Segment Open

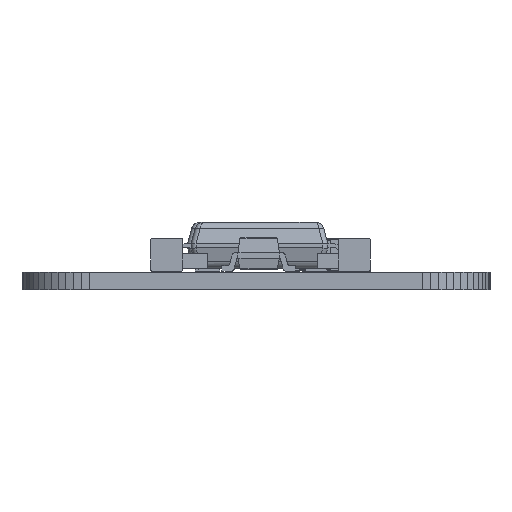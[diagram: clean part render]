
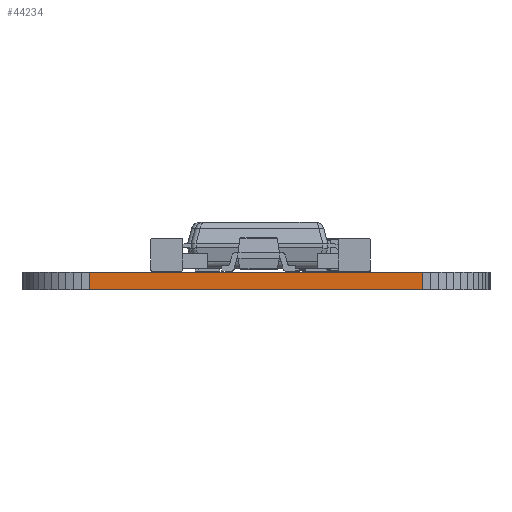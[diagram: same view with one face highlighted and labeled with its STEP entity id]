
A CAD part, front view. The second image highlights one B-rep face of the part: STEP entity #44234.
In plain terms, the highlighted planar face has unit normal (0, -1, 0).
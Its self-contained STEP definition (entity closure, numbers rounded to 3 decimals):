
#36353 = PLANE('',#36354);
#36354 = AXIS2_PLACEMENT_3D('',#36355,#36356,#36357);
#36355 = CARTESIAN_POINT('',(7.62,-34.29,0.68));
#36356 = DIRECTION('',(-0.,-0.,-1.));
#36357 = DIRECTION('',(-1.,0.,0.));
#36407 = PLANE('',#36408);
#36408 = AXIS2_PLACEMENT_3D('',#36409,#36410,#36411);
#36409 = CARTESIAN_POINT('',(7.62,-34.29,0.));
#36410 = DIRECTION('',(-0.,-0.,-1.));
#36411 = DIRECTION('',(-1.,0.,0.));
#37216 = VERTEX_POINT('',#37217);
#37217 = CARTESIAN_POINT('',(14.072,-71.194,0.));
#37231 = PLANE('',#37232);
#37232 = AXIS2_PLACEMENT_3D('',#37233,#37234,#37235);
#37233 = CARTESIAN_POINT('',(14.387,-71.175,0.));
#37234 = DIRECTION('',(0.06,-0.998,0.));
#37235 = DIRECTION('',(-0.998,-0.06,0.));
#37243 = EDGE_CURVE('',#37216,#37244,#37246,.T.);
#37244 = VERTEX_POINT('',#37245);
#37245 = CARTESIAN_POINT('',(1.168,-71.194,0.));
#37246 = SURFACE_CURVE('',#37247,(#37251,#37258),.PCURVE_S1.);
#37247 = LINE('',#37248,#37249);
#37248 = CARTESIAN_POINT('',(14.072,-71.194,0.));
#37249 = VECTOR('',#37250,1.);
#37250 = DIRECTION('',(-1.,0.,0.));
#37251 = PCURVE('',#36407,#37252);
#37252 = DEFINITIONAL_REPRESENTATION('',(#37253),#37257);
#37253 = LINE('',#37254,#37255);
#37254 = CARTESIAN_POINT('',(-6.452,-36.904));
#37255 = VECTOR('',#37256,1.);
#37256 = DIRECTION('',(1.,0.));
#37257 = ( GEOMETRIC_REPRESENTATION_CONTEXT(2) 
PARAMETRIC_REPRESENTATION_CONTEXT() REPRESENTATION_CONTEXT('2D SPACE',''
  ) );
#37258 = PCURVE('',#37259,#37264);
#37259 = PLANE('',#37260);
#37260 = AXIS2_PLACEMENT_3D('',#37261,#37262,#37263);
#37261 = CARTESIAN_POINT('',(14.072,-71.194,0.));
#37262 = DIRECTION('',(0.,-1.,0.));
#37263 = DIRECTION('',(-1.,0.,0.));
#37264 = DEFINITIONAL_REPRESENTATION('',(#37265),#37269);
#37265 = LINE('',#37266,#37267);
#37266 = CARTESIAN_POINT('',(0.,-0.));
#37267 = VECTOR('',#37268,1.);
#37268 = DIRECTION('',(1.,0.));
#37269 = ( GEOMETRIC_REPRESENTATION_CONTEXT(2) 
PARAMETRIC_REPRESENTATION_CONTEXT() REPRESENTATION_CONTEXT('2D SPACE',''
  ) );
#37287 = PLANE('',#37288);
#37288 = AXIS2_PLACEMENT_3D('',#37289,#37290,#37291);
#37289 = CARTESIAN_POINT('',(1.168,-71.194,0.));
#37290 = DIRECTION('',(-0.06,-0.998,0.));
#37291 = DIRECTION('',(-0.998,0.06,0.));
#40544 = VERTEX_POINT('',#40545);
#40545 = CARTESIAN_POINT('',(14.072,-71.194,0.68));
#40566 = EDGE_CURVE('',#40544,#40567,#40569,.T.);
#40567 = VERTEX_POINT('',#40568);
#40568 = CARTESIAN_POINT('',(1.168,-71.194,0.68));
#40569 = SURFACE_CURVE('',#40570,(#40574,#40581),.PCURVE_S1.);
#40570 = LINE('',#40571,#40572);
#40571 = CARTESIAN_POINT('',(14.072,-71.194,0.68));
#40572 = VECTOR('',#40573,1.);
#40573 = DIRECTION('',(-1.,0.,0.));
#40574 = PCURVE('',#36353,#40575);
#40575 = DEFINITIONAL_REPRESENTATION('',(#40576),#40580);
#40576 = LINE('',#40577,#40578);
#40577 = CARTESIAN_POINT('',(-6.452,-36.904));
#40578 = VECTOR('',#40579,1.);
#40579 = DIRECTION('',(1.,0.));
#40580 = ( GEOMETRIC_REPRESENTATION_CONTEXT(2) 
PARAMETRIC_REPRESENTATION_CONTEXT() REPRESENTATION_CONTEXT('2D SPACE',''
  ) );
#40581 = PCURVE('',#37259,#40582);
#40582 = DEFINITIONAL_REPRESENTATION('',(#40583),#40587);
#40583 = LINE('',#40584,#40585);
#40584 = CARTESIAN_POINT('',(0.,-0.68));
#40585 = VECTOR('',#40586,1.);
#40586 = DIRECTION('',(1.,0.));
#40587 = ( GEOMETRIC_REPRESENTATION_CONTEXT(2) 
PARAMETRIC_REPRESENTATION_CONTEXT() REPRESENTATION_CONTEXT('2D SPACE',''
  ) );
#44186 = EDGE_CURVE('',#37216,#40544,#44187,.T.);
#44187 = SURFACE_CURVE('',#44188,(#44192,#44199),.PCURVE_S1.);
#44188 = LINE('',#44189,#44190);
#44189 = CARTESIAN_POINT('',(14.072,-71.194,0.));
#44190 = VECTOR('',#44191,1.);
#44191 = DIRECTION('',(0.,0.,1.));
#44192 = PCURVE('',#37231,#44193);
#44193 = DEFINITIONAL_REPRESENTATION('',(#44194),#44198);
#44194 = LINE('',#44195,#44196);
#44195 = CARTESIAN_POINT('',(0.316,0.));
#44196 = VECTOR('',#44197,1.);
#44197 = DIRECTION('',(0.,-1.));
#44198 = ( GEOMETRIC_REPRESENTATION_CONTEXT(2) 
PARAMETRIC_REPRESENTATION_CONTEXT() REPRESENTATION_CONTEXT('2D SPACE',''
  ) );
#44199 = PCURVE('',#37259,#44200);
#44200 = DEFINITIONAL_REPRESENTATION('',(#44201),#44205);
#44201 = LINE('',#44202,#44203);
#44202 = CARTESIAN_POINT('',(0.,-0.));
#44203 = VECTOR('',#44204,1.);
#44204 = DIRECTION('',(0.,-1.));
#44205 = ( GEOMETRIC_REPRESENTATION_CONTEXT(2) 
PARAMETRIC_REPRESENTATION_CONTEXT() REPRESENTATION_CONTEXT('2D SPACE',''
  ) );
#44234 = ADVANCED_FACE('',(#44235),#37259,.T.);
#44235 = FACE_BOUND('',#44236,.T.);
#44236 = EDGE_LOOP('',(#44237,#44238,#44239,#44260));
#44237 = ORIENTED_EDGE('',*,*,#44186,.T.);
#44238 = ORIENTED_EDGE('',*,*,#40566,.T.);
#44239 = ORIENTED_EDGE('',*,*,#44240,.F.);
#44240 = EDGE_CURVE('',#37244,#40567,#44241,.T.);
#44241 = SURFACE_CURVE('',#44242,(#44246,#44253),.PCURVE_S1.);
#44242 = LINE('',#44243,#44244);
#44243 = CARTESIAN_POINT('',(1.168,-71.194,0.));
#44244 = VECTOR('',#44245,1.);
#44245 = DIRECTION('',(0.,0.,1.));
#44246 = PCURVE('',#37259,#44247);
#44247 = DEFINITIONAL_REPRESENTATION('',(#44248),#44252);
#44248 = LINE('',#44249,#44250);
#44249 = CARTESIAN_POINT('',(12.903,0.));
#44250 = VECTOR('',#44251,1.);
#44251 = DIRECTION('',(0.,-1.));
#44252 = ( GEOMETRIC_REPRESENTATION_CONTEXT(2) 
PARAMETRIC_REPRESENTATION_CONTEXT() REPRESENTATION_CONTEXT('2D SPACE',''
  ) );
#44253 = PCURVE('',#37287,#44254);
#44254 = DEFINITIONAL_REPRESENTATION('',(#44255),#44259);
#44255 = LINE('',#44256,#44257);
#44256 = CARTESIAN_POINT('',(0.,0.));
#44257 = VECTOR('',#44258,1.);
#44258 = DIRECTION('',(0.,-1.));
#44259 = ( GEOMETRIC_REPRESENTATION_CONTEXT(2) 
PARAMETRIC_REPRESENTATION_CONTEXT() REPRESENTATION_CONTEXT('2D SPACE',''
  ) );
#44260 = ORIENTED_EDGE('',*,*,#37243,.F.);

Segment Closed

## WHAT IS BEING ASKED
Write out exactly the lines above, from the very first through the line containing "#37243 = EDGE_CURVE('',#37216,#37244,#37246,.T.);", both kept, with the pictures removed.

## WRITTEN SOLUTION
[diagram: clean part render]
[diagram: same view with one face highlighted and labeled with its STEP entity id]
A CAD part, front view. The second image highlights one B-rep face of the part: STEP entity #44234.
In plain terms, the highlighted planar face has unit normal (0, -1, 0).
Its self-contained STEP definition (entity closure, numbers rounded to 3 decimals):
#36353 = PLANE('',#36354);
#36354 = AXIS2_PLACEMENT_3D('',#36355,#36356,#36357);
#36355 = CARTESIAN_POINT('',(7.62,-34.29,0.68));
#36356 = DIRECTION('',(-0.,-0.,-1.));
#36357 = DIRECTION('',(-1.,0.,0.));
#36407 = PLANE('',#36408);
#36408 = AXIS2_PLACEMENT_3D('',#36409,#36410,#36411);
#36409 = CARTESIAN_POINT('',(7.62,-34.29,0.));
#36410 = DIRECTION('',(-0.,-0.,-1.));
#36411 = DIRECTION('',(-1.,0.,0.));
#37216 = VERTEX_POINT('',#37217);
#37217 = CARTESIAN_POINT('',(14.072,-71.194,0.));
#37231 = PLANE('',#37232);
#37232 = AXIS2_PLACEMENT_3D('',#37233,#37234,#37235);
#37233 = CARTESIAN_POINT('',(14.387,-71.175,0.));
#37234 = DIRECTION('',(0.06,-0.998,0.));
#37235 = DIRECTION('',(-0.998,-0.06,0.));
#37243 = EDGE_CURVE('',#37216,#37244,#37246,.T.);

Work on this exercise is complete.